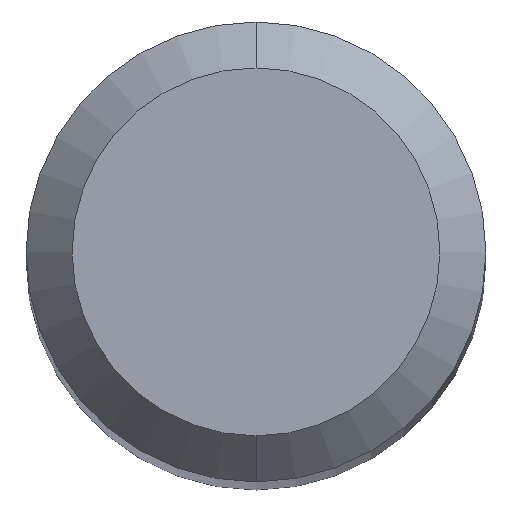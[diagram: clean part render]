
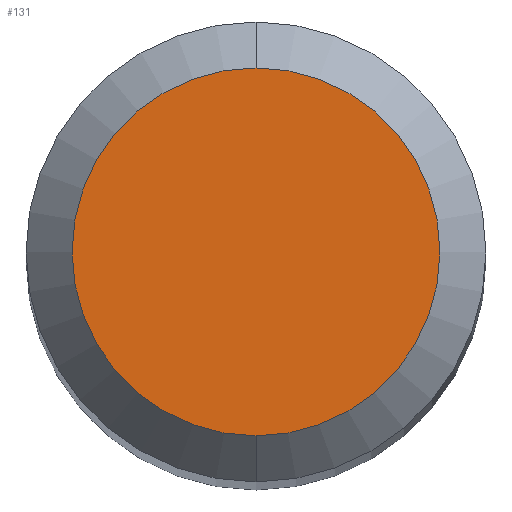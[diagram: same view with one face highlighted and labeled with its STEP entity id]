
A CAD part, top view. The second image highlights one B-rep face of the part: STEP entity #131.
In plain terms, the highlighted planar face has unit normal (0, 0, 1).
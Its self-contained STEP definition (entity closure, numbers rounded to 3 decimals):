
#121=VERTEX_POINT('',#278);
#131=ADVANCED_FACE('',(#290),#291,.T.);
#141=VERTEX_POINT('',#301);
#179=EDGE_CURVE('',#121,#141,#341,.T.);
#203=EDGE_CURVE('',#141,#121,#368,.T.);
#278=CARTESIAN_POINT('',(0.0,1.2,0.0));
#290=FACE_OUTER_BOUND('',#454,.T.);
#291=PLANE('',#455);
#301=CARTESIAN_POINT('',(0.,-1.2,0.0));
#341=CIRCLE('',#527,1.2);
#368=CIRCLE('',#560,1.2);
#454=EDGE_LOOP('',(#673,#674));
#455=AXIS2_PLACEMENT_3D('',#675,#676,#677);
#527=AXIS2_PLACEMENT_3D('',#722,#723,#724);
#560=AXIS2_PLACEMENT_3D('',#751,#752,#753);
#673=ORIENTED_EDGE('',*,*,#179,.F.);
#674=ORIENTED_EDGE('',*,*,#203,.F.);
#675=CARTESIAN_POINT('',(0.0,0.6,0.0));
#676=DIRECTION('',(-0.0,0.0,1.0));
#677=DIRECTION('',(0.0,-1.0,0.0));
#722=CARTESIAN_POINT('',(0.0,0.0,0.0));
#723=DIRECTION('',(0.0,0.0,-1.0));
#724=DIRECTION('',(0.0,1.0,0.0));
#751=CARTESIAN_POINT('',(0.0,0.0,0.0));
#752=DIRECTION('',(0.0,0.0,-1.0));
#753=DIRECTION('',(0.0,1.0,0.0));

※

Drop the pictures; repeat each entry above exactly.

[diagram: clean part render]
[diagram: same view with one face highlighted and labeled with its STEP entity id]
A CAD part, top view. The second image highlights one B-rep face of the part: STEP entity #131.
In plain terms, the highlighted planar face has unit normal (0, 0, 1).
Its self-contained STEP definition (entity closure, numbers rounded to 3 decimals):
#121=VERTEX_POINT('',#278);
#131=ADVANCED_FACE('',(#290),#291,.T.);
#141=VERTEX_POINT('',#301);
#179=EDGE_CURVE('',#121,#141,#341,.T.);
#203=EDGE_CURVE('',#141,#121,#368,.T.);
#278=CARTESIAN_POINT('',(0.0,1.2,0.0));
#290=FACE_OUTER_BOUND('',#454,.T.);
#291=PLANE('',#455);
#301=CARTESIAN_POINT('',(0.,-1.2,0.0));
#341=CIRCLE('',#527,1.2);
#368=CIRCLE('',#560,1.2);
#454=EDGE_LOOP('',(#673,#674));
#455=AXIS2_PLACEMENT_3D('',#675,#676,#677);
#527=AXIS2_PLACEMENT_3D('',#722,#723,#724);
#560=AXIS2_PLACEMENT_3D('',#751,#752,#753);
#673=ORIENTED_EDGE('',*,*,#179,.F.);
#674=ORIENTED_EDGE('',*,*,#203,.F.);
#675=CARTESIAN_POINT('',(0.0,0.6,0.0));
#676=DIRECTION('',(-0.0,0.0,1.0));
#677=DIRECTION('',(0.0,-1.0,0.0));
#722=CARTESIAN_POINT('',(0.0,0.0,0.0));
#723=DIRECTION('',(0.0,0.0,-1.0));
#724=DIRECTION('',(0.0,1.0,0.0));
#751=CARTESIAN_POINT('',(0.0,0.0,0.0));
#752=DIRECTION('',(0.0,0.0,-1.0));
#753=DIRECTION('',(0.0,1.0,0.0));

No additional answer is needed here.